小学生の頃からロボットに興味はあったのですが、ロボットってはじめるのが難しいんですよ。何からやればいいのかわからないから、はじめられなくて。中学に入ったら、普通の公立中学なんですけど、たまたまロボットをつくっている部活があって。そこでロボットをつくりはじめました。最初は先輩たちに知識を教えてもらって、徐々にネットや本で独学で調べながら制作するようになっていきました。

ものづくりの楽しさを語ってくれた

今思えば、ロボットというより、ものづくりが好きだったのかもしれません。ものづくりの楽しさを感じるのは、一番最初に何をつくろうかなと考えているときと、それが現実になったとき。もちろんその間の試行錯誤も新しいことを知ることができて楽しいんですけど、徹夜しなくちゃいけなかったり辛いことがないわけではないです(笑)

今ある問題の解決がすべてではない

動き回るディスプレイ

さっき話した動き回るディスプレイの話をすると、よく聞かれるのが“何に役立つのか”ということ。もちろん僕もそれは重要だと思っているけれど、今のところ妙案は思いついていなくて……。
技術を説明するときに、“今すぐ役立ちます”、“こういう問題を解決できます”と説明するのが一番伝わりやすいことはわかっているんですが、でもそれは僕がやりたいことではない。すぐには役立たないかもしれないけど、ディスプレイを動かすっていう発想が今はないじゃないですか。面白そうだなと思ったらまずつくってみる。それを知った誰かが何かに活かしてくれるかもしれないし、僕も何か思いつくかもしれないし。まずやってみることは、無駄ではないはず。学生のうちは、やりたいことにどんどんチャレンジしていこうと思っています。

理解されることと、伝わることは違う

このディスプレイの面白さは、伝わらない人にすごく響かないんですけど、わかってくれる人はめちゃくちゃわかってくれるんです。TOKYO<β>奨学金のプレゼンテーション後のフィードバックで、「あんまりよくわからなかった」みたいなことを言われちゃって。「あぁ、伝わらなかったな。ダメだったな」って思っていたのですが、結果的に採択していただくことができました。
この経験を通じて、僕がやろうとしている技術そのものを理解してもらえなくても、伝わるものがあるんだなということに気がついたんです。まだまだアイディアがたくさんあるので、どんどん形にしていきたいです。
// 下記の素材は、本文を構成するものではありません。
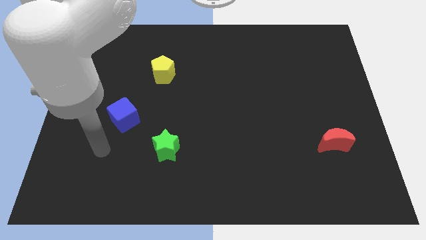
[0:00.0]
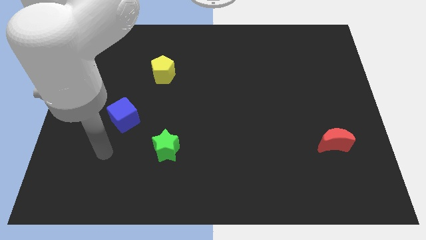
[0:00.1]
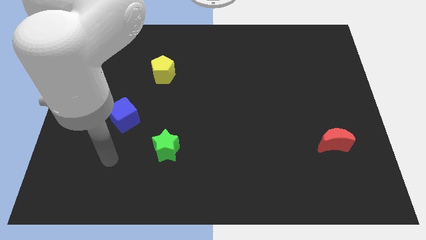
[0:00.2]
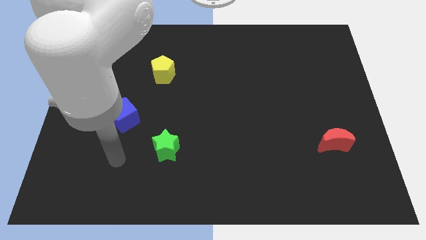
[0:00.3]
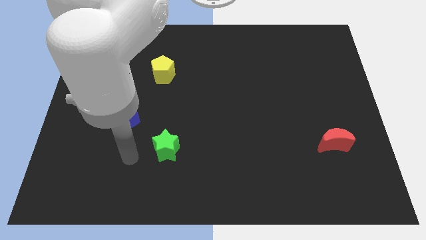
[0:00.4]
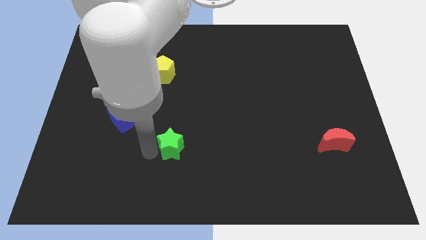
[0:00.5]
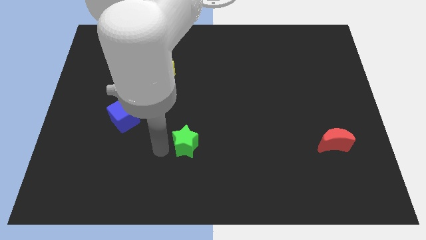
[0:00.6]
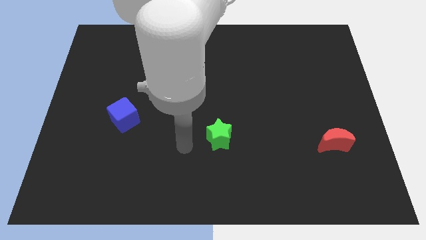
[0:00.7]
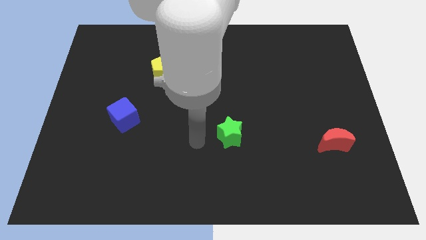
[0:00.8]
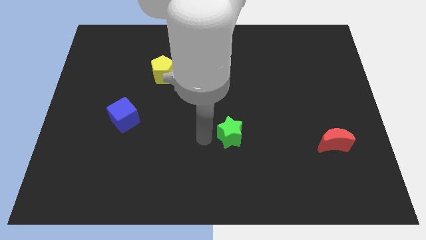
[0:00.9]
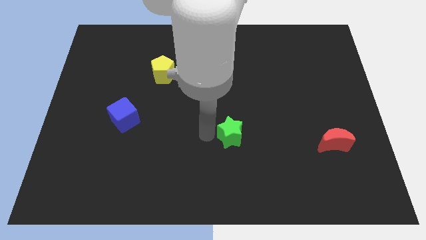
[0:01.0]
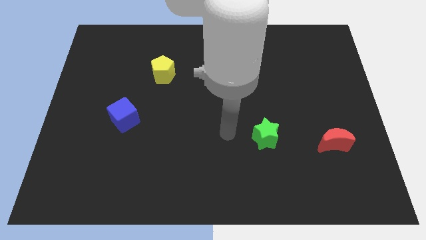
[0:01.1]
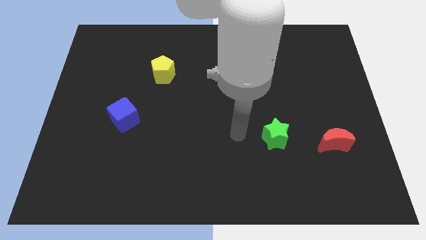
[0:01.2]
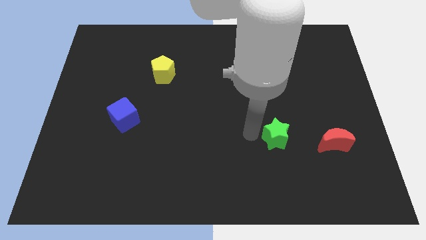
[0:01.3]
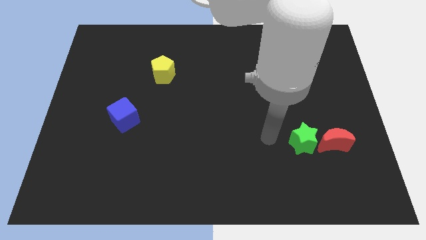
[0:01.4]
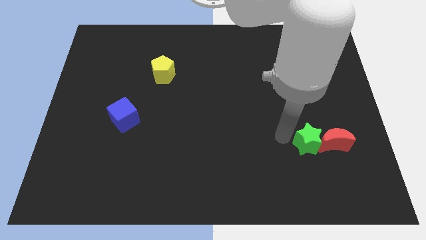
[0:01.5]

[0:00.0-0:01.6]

ーーーとっても楽しそうに、仲間と制作しているロボットの魅力について語ってくれた齋藤さん。何かを考えるとき、つい“どのように役に立つか”“どんな問題を解決できるか”ということから考えを巡らせてしまいがちですが、まずは「面白そうだからやってみよう!」そんな純粋な気持ちではじめてみることが、好きを極めることにつながるのかもしれません。まだ見ぬアイディアを形にするため、これからも続くチャレンジをTOKYO<β>は応援します。